01/30/2022 Weekly Legislative Update

You can make a difference

On Monday, Jan. 31 join us for our first big event of the year via Zoom.
Follow the link at 6 PM central on Monday, January 31st to join the meeting.

  • We will be unveiling the results of our Indivisible NWI survey.
  • We will be talking about what issues are the most important to you as well as the ways that you told us that you want to be involved.
  • Come and learn how you can help us to do more.
  • We will also give you the latest updates.
  • We will talk to you about how you can run for precinct committee person as the filing date comes near.
  • That and so much more, join us.

Saving Democracy begins at the grassroots level–that’s all of us!

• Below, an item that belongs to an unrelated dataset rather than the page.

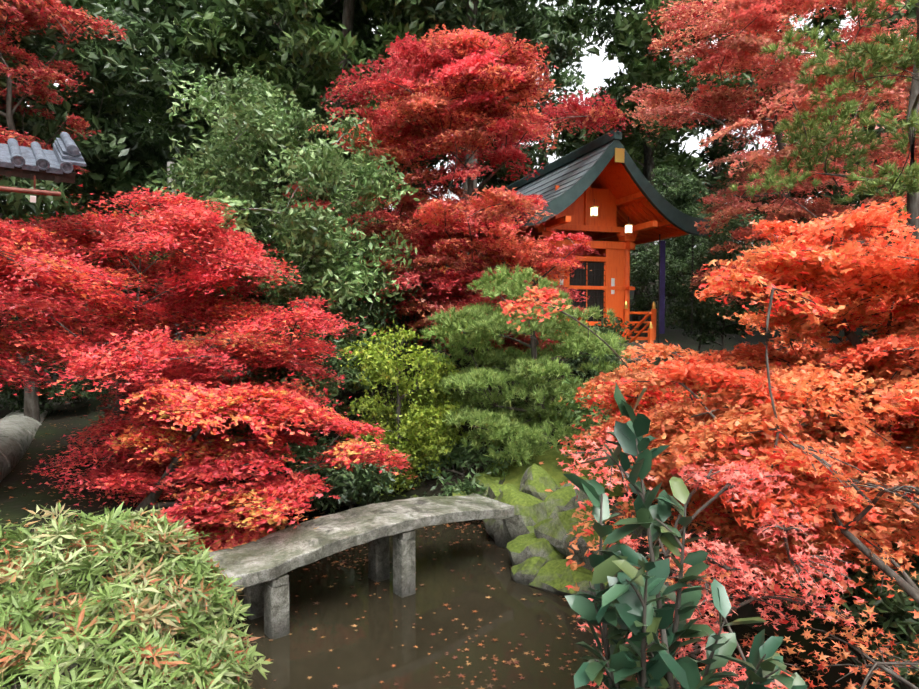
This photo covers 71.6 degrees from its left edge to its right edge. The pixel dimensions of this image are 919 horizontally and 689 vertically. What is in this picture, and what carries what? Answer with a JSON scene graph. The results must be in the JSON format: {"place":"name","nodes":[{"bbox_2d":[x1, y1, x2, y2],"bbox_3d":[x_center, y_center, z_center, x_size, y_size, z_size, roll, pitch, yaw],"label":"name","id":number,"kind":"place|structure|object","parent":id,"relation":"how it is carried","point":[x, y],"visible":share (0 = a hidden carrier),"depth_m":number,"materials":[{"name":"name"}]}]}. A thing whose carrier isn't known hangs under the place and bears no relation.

Many bills in this session of the Indiana General Assembly are approaching passage and we urge you to contact your representatives and senators about how you want them to vote.
Bills must pass each chamber Monday or Tuesday or they are dead for this session.
Click here to contact your representative and senator. To email, choose ‘send email’ from the menu on the left on the legislator’s page.

Indiana

Please contact your senator to demand he or she vote no. Keep these bills from passing the Senate. These bills have passed out of committee in the Senate and were sent to the Senate floor for a vote.  The deadline for passage is Tuesday, Feb. 1. 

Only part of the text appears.